Bardella et l’école : un réactionnaire au tableau noir

par Boris Enet |  publié le 26/06/2024

Nation, réaction, répression, exclusion, sélection… à quand le retour des punitions corporelles? 

Jordan Bardella - D.R

Les éléments de programme de l’extrême-droite pour l’école, rappelés par Jordan Bardella dans sa conférence de presse lundi 24 juin, sont comme on s’en doutait une ode à la réaction et au nationalisme.

Réaction, parce que l’école est caricaturée comme le support des violences et de la décadence démocratique, nées de la démocratisation scolaire. Si l’école va effectivement mal, la solution ne saurait résider en une réaction répressive pour une jeunesse qui ne vit plus au temps de Clovis. L’uniforme, l’interdiction du portable jusqu’à la fin du lycée (sic), le retour du bon vieux bacho garant d’un ordre fantasmé font fi de l’époque, du monde ouvert tel qu’il s’offre aux jeunes générations. Mais aussi des réalités administratives pratiques et universitaires que les cadres du RN maîtrisent toujours aussi mal.

Outre les redites sur le brevet ou le portable au collège, déjà mises en place par Gabriel Attal, la réponse ne peut se réduire à la répression sans volet éducatif.
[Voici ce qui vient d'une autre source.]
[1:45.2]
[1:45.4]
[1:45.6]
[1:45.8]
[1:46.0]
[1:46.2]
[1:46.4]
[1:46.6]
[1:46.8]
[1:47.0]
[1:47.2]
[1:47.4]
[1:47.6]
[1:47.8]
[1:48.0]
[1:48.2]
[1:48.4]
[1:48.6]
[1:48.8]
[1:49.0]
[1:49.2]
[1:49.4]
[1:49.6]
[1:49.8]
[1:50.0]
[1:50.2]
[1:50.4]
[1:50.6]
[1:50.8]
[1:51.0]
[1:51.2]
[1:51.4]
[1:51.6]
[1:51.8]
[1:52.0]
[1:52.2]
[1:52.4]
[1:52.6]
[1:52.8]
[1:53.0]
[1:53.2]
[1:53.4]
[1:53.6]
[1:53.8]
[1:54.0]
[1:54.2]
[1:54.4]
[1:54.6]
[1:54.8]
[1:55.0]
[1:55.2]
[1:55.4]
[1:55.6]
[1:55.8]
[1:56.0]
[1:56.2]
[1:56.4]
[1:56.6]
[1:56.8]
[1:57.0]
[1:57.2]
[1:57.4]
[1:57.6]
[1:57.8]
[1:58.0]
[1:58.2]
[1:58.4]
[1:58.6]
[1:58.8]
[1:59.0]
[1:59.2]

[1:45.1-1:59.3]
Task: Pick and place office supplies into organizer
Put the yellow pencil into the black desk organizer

Enfermer les enfants exclus deux fois à l’issue de conseils de discipline jusqu’au terme de leurs études est le meilleur moyen de multiplier les radicalisés. C’est assigner des enfants et adolescents en construction à une identité de délinquants, à l’instar de ce qu’ont vécu des dizaines de milliers de jeunes Espagnols sous le franquisme. Accessoirement, il s’agit d’une négation des droits de l’enfant et des textes qui engagent la France sur le plan international depuis les années 1950.
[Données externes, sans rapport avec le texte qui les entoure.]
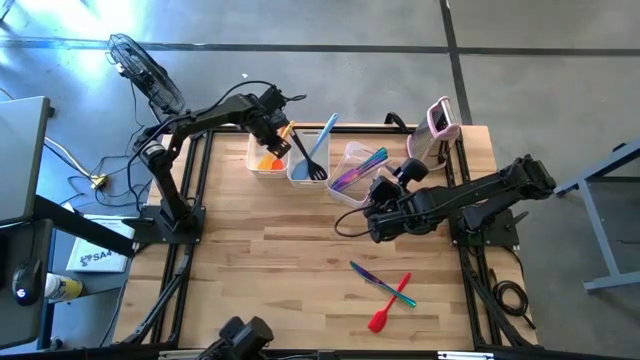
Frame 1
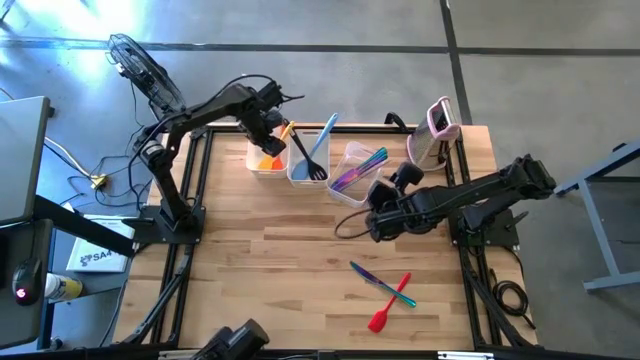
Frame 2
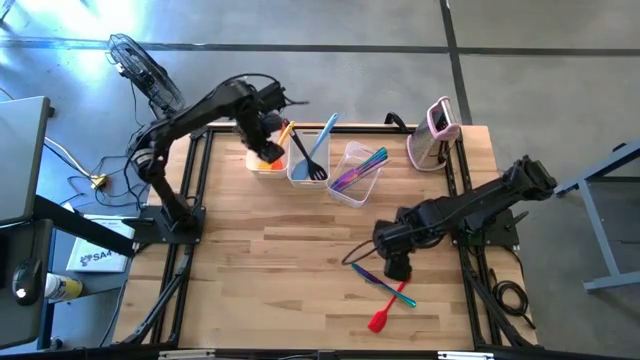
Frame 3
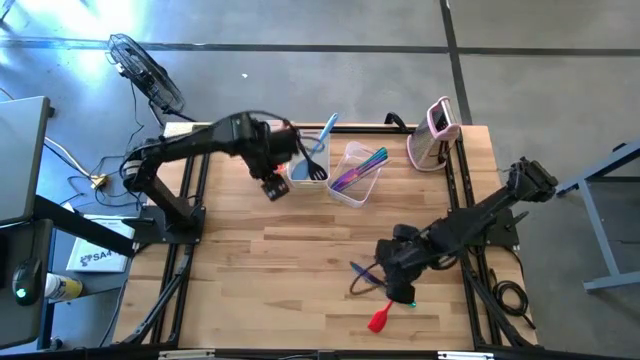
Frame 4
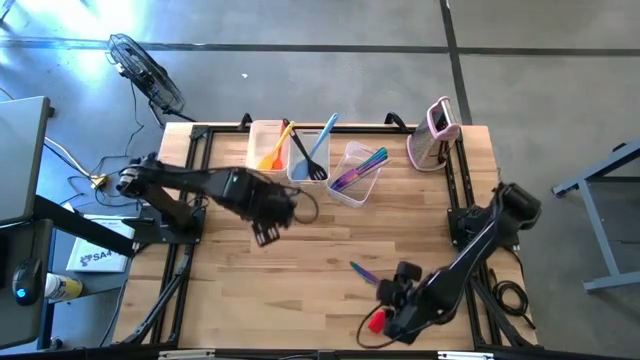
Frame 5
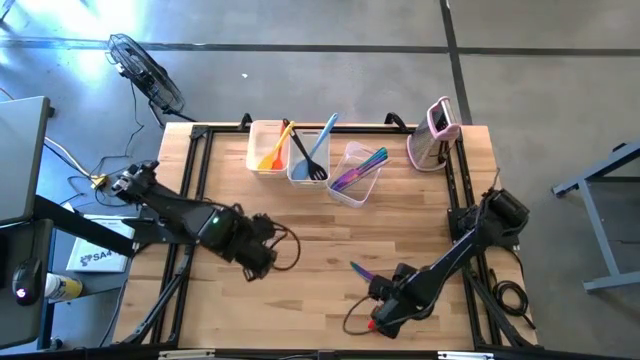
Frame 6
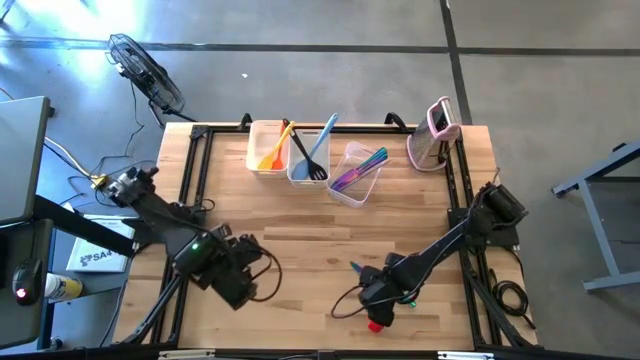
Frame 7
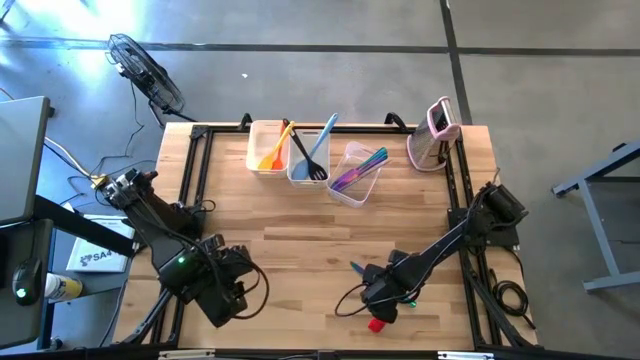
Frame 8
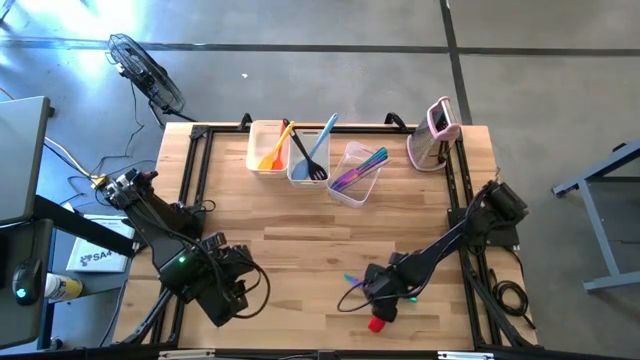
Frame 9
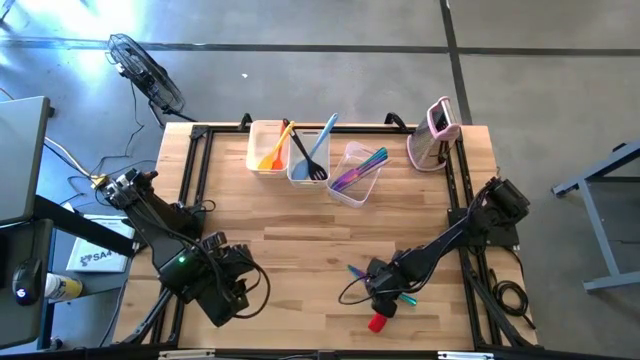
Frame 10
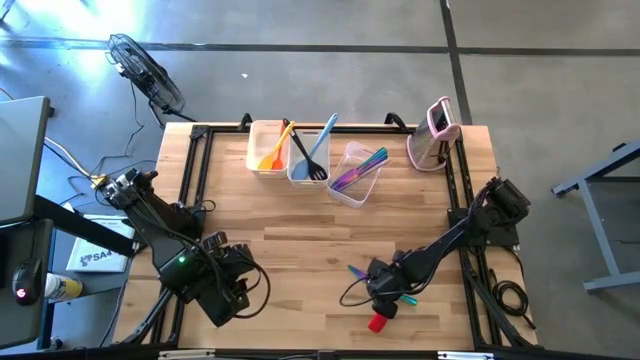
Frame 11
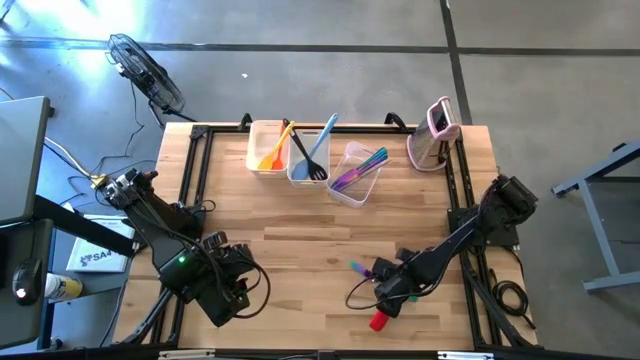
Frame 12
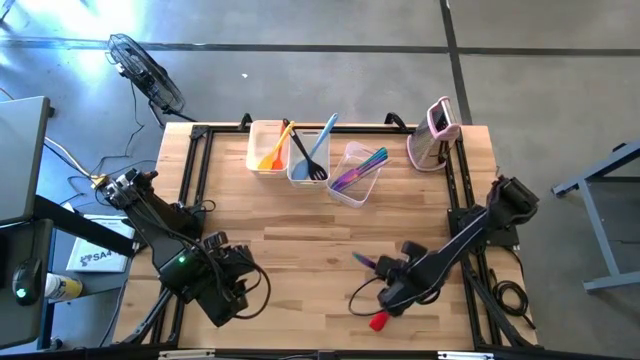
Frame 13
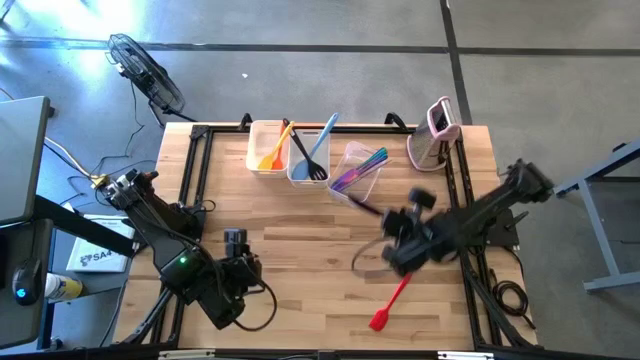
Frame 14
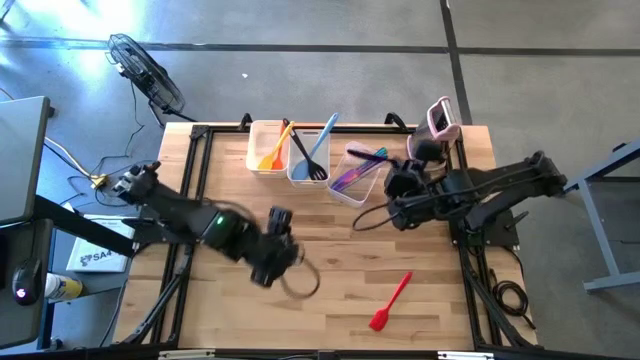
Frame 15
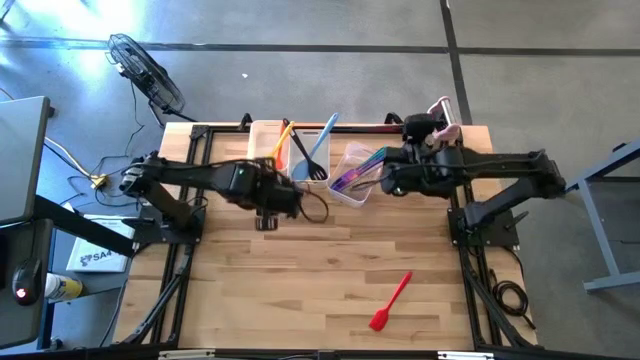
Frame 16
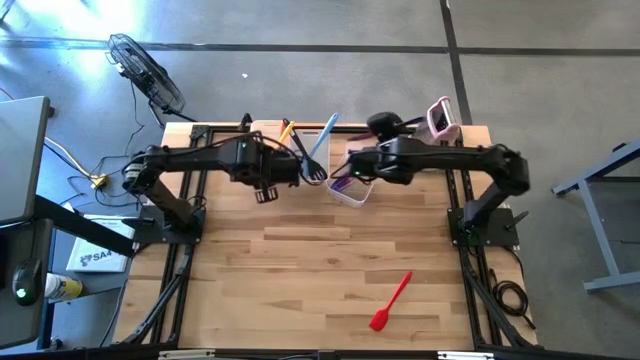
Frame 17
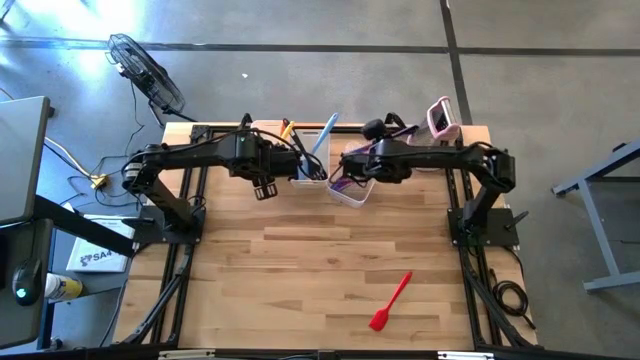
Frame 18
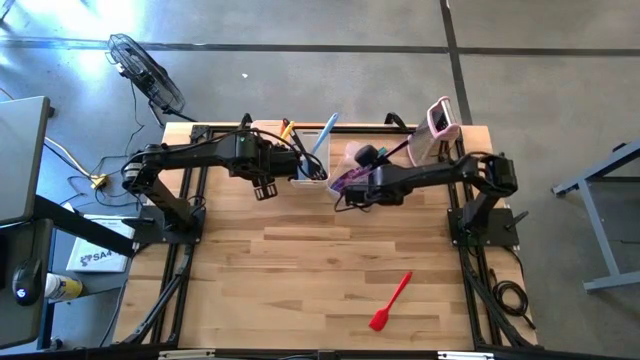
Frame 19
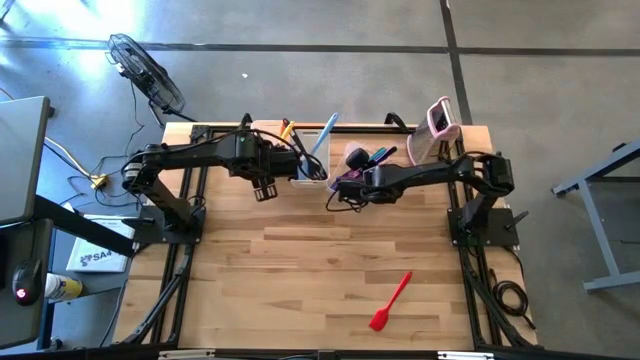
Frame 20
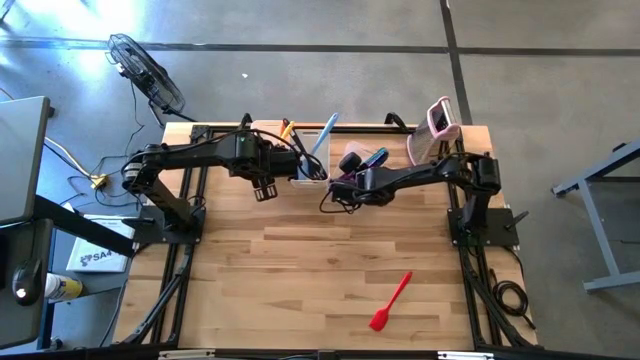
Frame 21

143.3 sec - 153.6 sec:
Task: Pick & Place Kitchen Items
Put the purple table knife into the transparent bin

Nationalisme, parce que tout est passé à la moulinette de l’idéologie du RN, du « récit national » tombé en désuétude en passant par la réécriture des programmes contre « l’idéologie wokiste », le véritable ennemi. Derrière cette pathétique obsession nationale, on retrouve par exemple les programmes de géographie du lycée, ouverts sur le monde et la construction européenne, qui sont dans le viseur. En remettant une carte de France aux murs dans chaque salle, derrière la ligne Maginot, les moutons seront bien gardés. Identitarisme, abêtissement et… tri précoce de cette jeunesse décadente, car s’il s’agit de mettre à l’honneur les filières professionnelles, à côté des parcours généraux, la précocité de l’âge (dès 13 ans !) soulève évidemment questions.

Cela, c’est pour la promesse faite aux milieux populaires de s’élever par les études. La bave aux lèvres, derrière son costume croisé et son débit maîtrisé, Bardella s’apprête à réaliser le vœu de Jean-Marie Le Pen, qui n’a cessé de batailler contre la réforme Haby du collège pour tous de 1975. Si la France va mal, c’est à cause de ses immigrés ; et si son école est abîmée, il faut y voir la toute puissance des pédagogues décadents de l’après 68 peuplant les ministères.

Au RN, on ne s’embarrasse pas de nuances, ni d’une pensée complexe : le manichéisme est la règle, l’état de droit est le carcan à défaire. Encore faudra-t-il marcher sur un milieu éducatif professoral et d’encadrement à qui il reste quelques réflexes lorsque l’essentiel est en jeu : la République.